The present invention relates to a novel magneto-optical recording medium capable of giving a large Kerr rotation angle and a high C/N (carrier-to-noise) ratio by virtue of the high transparency and high refractive index of the dielectric layers to give a very high recording density and stability of the magnetic properties.
Along with the progress of the social activity led by a flood of information, magneto-optical memory devices suitable for erasing and rewriting of information records using a laser beam are high-lighted in recent years. A magneto-optical recording medium generally has a laminar structure, formed in turn on a transparent substrate plate, composed of a first dielectric layer, a magnetic recording layer, a second dielectric layer and a metallic reflecting layer. Conventionally, the magnetic recording layer is formed from an amorphous alloy of a rare earth metal, e.g., terbium, and a transition metal, e.g., iron and cobalt. These conventional rare earth-based amorphous alloys, however, are not quite satisfactory because the Kerr rotation angle thereof is generally not large enough so that the C/N ratio of recording cannot be sufficiently high.
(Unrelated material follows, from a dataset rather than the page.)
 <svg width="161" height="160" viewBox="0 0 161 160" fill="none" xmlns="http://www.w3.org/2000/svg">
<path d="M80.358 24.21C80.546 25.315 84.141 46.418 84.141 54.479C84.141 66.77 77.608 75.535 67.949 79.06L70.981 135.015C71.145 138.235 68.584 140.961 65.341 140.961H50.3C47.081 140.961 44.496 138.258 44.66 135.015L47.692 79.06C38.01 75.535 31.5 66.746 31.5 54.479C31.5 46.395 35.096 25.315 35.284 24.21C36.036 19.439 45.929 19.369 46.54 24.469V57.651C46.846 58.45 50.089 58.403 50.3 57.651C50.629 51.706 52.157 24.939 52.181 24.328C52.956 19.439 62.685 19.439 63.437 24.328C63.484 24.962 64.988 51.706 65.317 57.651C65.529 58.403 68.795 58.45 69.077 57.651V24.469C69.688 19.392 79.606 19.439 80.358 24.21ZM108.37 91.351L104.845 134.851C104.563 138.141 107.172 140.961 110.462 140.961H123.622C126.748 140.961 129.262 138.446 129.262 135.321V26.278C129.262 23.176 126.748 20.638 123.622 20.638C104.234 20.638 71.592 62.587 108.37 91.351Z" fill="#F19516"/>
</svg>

Accordingly, it is a usual practice that a layer of a dielectric material such as silicon monoxide SiO, silicon nitride SiN, aluminum nitride AlN and the like is formed on the surface of the amorphous magnetic recording layer and the thickness of the dielectric layer is controlled to be .lambda./4 n, in which .lambda. is the wavelength of the laser beam and n is the refractive index of the dielectric material, so as to apparently increase the effective Kerr rotation angle. The improvement obtained by such a means relying on the so-called enhancement effect is still insufficient even by sandwiching the magnetic recording layer with two dielectric layers so that it is eagerly desired to develop a magneto-optical recording medium having a markedly enhanced effective Kerr rotation angle. In this regard, it is an essential requirement that the dielectric material has a refractive index and transparency as high as possible.
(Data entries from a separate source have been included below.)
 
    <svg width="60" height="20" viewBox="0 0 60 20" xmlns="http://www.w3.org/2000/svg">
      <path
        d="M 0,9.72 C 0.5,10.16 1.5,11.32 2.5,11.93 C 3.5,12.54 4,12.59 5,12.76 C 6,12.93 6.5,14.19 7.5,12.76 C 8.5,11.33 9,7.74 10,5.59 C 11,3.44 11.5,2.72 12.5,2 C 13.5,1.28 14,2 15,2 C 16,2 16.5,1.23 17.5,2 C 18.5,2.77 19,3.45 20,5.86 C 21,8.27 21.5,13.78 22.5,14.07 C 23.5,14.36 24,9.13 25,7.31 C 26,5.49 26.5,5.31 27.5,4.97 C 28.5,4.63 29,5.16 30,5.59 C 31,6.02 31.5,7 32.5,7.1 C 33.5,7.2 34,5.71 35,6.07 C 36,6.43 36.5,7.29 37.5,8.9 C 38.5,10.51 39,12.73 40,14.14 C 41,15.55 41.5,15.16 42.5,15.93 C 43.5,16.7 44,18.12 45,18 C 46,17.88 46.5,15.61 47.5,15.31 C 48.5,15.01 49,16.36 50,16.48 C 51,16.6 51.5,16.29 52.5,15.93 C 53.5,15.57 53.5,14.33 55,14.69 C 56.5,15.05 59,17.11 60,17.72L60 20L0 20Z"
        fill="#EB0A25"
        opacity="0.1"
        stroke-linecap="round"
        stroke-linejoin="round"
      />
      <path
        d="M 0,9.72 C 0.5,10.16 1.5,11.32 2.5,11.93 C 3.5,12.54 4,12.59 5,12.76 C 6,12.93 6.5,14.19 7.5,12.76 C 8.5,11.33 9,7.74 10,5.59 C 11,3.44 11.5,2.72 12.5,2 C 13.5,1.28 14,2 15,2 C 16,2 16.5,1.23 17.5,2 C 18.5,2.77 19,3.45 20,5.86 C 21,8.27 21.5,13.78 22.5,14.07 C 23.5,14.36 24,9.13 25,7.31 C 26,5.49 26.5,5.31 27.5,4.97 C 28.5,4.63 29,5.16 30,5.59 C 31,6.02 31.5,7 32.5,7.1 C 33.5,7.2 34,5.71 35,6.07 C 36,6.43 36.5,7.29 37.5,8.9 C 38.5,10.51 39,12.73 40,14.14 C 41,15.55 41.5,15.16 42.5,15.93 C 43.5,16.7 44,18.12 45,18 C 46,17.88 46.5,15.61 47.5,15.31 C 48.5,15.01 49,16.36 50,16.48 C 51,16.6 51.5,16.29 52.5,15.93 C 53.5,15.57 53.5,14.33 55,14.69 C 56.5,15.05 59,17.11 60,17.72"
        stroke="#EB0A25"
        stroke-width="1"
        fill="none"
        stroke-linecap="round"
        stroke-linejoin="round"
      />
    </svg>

Another important problem in the conventional magneto-optical recording media is the relatively low stability of the magnetic properties of the recording layer thereof in the lapse of time, especially, at a high temperature and in a highly humid atmosphere. This disadvantage is presumably due to the high susceptibility of the rare earth metal as a constituent of the magnetic alloy to the attack of the atmospheric oxygen. In this regard, the dielectric layers formed on the magnetic recording layer should desirably serve as a protecting layer against air oxidation while conventional dielectric materials used in the dielectric layers are not always quite effective as a barrier against air oxidation. For example, a layer formed from silicon oxide SiO acts on the rare earth metal rather as an oxidizing agent to oxidize the metal. Other conventional dielectric materials such as silicon nitride and aluminum nitride are of course free from such a problem of oxidation against stability of the magnetic properties but they have another problem of poor mechanical properties to be liable to the formation of cracks in the course of deposition of the layer.
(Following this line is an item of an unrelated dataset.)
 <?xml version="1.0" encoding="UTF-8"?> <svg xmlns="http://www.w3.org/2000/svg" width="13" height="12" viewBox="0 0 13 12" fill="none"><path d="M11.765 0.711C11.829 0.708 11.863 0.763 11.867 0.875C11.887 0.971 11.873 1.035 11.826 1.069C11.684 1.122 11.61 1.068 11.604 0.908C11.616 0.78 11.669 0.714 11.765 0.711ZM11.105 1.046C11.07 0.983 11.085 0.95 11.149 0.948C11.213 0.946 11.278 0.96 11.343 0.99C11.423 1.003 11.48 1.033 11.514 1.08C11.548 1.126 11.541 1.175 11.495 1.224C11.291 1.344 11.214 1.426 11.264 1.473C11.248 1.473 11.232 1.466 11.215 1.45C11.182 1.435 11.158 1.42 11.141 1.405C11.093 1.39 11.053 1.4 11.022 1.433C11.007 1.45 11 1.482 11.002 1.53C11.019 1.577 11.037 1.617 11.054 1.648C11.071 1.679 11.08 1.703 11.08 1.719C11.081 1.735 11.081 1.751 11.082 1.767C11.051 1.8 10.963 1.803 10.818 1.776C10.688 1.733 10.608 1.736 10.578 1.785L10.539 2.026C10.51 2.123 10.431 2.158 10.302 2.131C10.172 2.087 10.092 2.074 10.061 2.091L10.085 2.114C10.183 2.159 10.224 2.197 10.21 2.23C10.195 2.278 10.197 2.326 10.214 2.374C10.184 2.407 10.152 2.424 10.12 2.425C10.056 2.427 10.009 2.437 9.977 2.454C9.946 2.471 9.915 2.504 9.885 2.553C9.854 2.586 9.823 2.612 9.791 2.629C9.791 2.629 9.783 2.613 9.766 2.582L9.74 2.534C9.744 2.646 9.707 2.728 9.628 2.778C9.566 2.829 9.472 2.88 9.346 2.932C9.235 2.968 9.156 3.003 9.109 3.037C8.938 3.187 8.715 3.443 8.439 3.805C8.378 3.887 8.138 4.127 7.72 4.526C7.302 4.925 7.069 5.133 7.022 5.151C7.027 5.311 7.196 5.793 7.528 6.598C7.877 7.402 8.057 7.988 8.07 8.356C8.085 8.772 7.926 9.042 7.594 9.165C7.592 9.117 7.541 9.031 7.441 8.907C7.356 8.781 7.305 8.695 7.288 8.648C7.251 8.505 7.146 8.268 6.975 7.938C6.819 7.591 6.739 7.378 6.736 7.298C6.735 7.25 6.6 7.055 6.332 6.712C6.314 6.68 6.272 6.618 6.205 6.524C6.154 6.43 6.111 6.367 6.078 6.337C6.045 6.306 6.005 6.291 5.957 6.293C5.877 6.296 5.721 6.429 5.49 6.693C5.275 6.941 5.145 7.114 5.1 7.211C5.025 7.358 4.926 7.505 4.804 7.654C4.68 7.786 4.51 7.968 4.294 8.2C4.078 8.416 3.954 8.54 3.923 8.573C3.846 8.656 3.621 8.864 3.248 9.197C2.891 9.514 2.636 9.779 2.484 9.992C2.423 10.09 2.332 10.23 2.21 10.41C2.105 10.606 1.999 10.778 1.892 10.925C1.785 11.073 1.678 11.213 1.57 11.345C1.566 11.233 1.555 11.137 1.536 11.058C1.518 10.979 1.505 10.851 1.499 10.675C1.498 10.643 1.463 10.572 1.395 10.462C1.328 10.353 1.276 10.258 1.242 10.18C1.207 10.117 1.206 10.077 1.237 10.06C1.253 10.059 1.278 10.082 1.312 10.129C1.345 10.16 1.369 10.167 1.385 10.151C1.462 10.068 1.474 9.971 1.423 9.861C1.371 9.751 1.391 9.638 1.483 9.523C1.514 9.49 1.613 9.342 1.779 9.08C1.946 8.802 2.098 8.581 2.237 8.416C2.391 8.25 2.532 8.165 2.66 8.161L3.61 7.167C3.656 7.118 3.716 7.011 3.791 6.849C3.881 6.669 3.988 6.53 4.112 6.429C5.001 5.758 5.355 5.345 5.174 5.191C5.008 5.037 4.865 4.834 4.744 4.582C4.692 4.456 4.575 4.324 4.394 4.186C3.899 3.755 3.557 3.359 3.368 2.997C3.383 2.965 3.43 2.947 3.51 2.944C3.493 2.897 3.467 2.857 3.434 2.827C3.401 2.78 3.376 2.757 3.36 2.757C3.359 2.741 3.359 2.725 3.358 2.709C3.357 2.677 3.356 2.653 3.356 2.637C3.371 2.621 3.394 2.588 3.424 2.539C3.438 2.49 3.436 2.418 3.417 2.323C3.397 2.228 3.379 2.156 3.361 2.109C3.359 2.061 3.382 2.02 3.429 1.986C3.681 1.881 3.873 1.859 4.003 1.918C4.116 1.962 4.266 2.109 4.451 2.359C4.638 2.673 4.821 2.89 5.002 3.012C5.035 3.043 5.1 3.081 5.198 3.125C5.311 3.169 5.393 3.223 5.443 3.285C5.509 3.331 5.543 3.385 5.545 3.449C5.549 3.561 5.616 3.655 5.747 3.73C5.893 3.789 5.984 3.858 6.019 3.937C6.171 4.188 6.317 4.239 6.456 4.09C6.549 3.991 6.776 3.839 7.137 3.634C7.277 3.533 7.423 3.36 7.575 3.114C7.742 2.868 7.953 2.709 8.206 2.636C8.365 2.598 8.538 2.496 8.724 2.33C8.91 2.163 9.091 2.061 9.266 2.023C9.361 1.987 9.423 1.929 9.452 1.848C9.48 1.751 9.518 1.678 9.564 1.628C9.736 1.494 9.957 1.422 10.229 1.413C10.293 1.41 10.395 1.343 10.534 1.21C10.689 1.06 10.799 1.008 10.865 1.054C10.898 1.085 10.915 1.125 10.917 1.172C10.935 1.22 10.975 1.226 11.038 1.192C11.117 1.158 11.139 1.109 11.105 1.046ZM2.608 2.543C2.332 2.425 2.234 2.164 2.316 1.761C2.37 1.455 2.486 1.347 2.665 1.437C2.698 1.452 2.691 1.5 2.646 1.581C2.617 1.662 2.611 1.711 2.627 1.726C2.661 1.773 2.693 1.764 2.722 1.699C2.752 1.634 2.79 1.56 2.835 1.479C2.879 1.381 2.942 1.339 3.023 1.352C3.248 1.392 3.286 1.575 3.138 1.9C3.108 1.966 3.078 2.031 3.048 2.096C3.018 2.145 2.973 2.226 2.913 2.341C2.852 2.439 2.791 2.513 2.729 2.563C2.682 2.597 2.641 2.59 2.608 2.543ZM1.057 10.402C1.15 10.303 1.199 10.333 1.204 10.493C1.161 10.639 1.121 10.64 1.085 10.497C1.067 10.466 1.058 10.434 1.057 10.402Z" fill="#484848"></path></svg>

A proposal has been made by M. Asano, et al. in IEEE Trans. Magn., MAG-23, page 2620 (1987) for the use of boron nitride BN as a material of the dielectric layers of a magneto-optical recording medium. This material is indeed excellent in the performance as a dielectric material along with a high refractive index and transparency. Disadvantageously, however, the dielectric layer formed from boron nitride cannot be perfectly amorphous even when it is formed by the method of sputtering and has problems in respects of the homogeneity of the composition and smoothness of the surface along with the relatively low durability.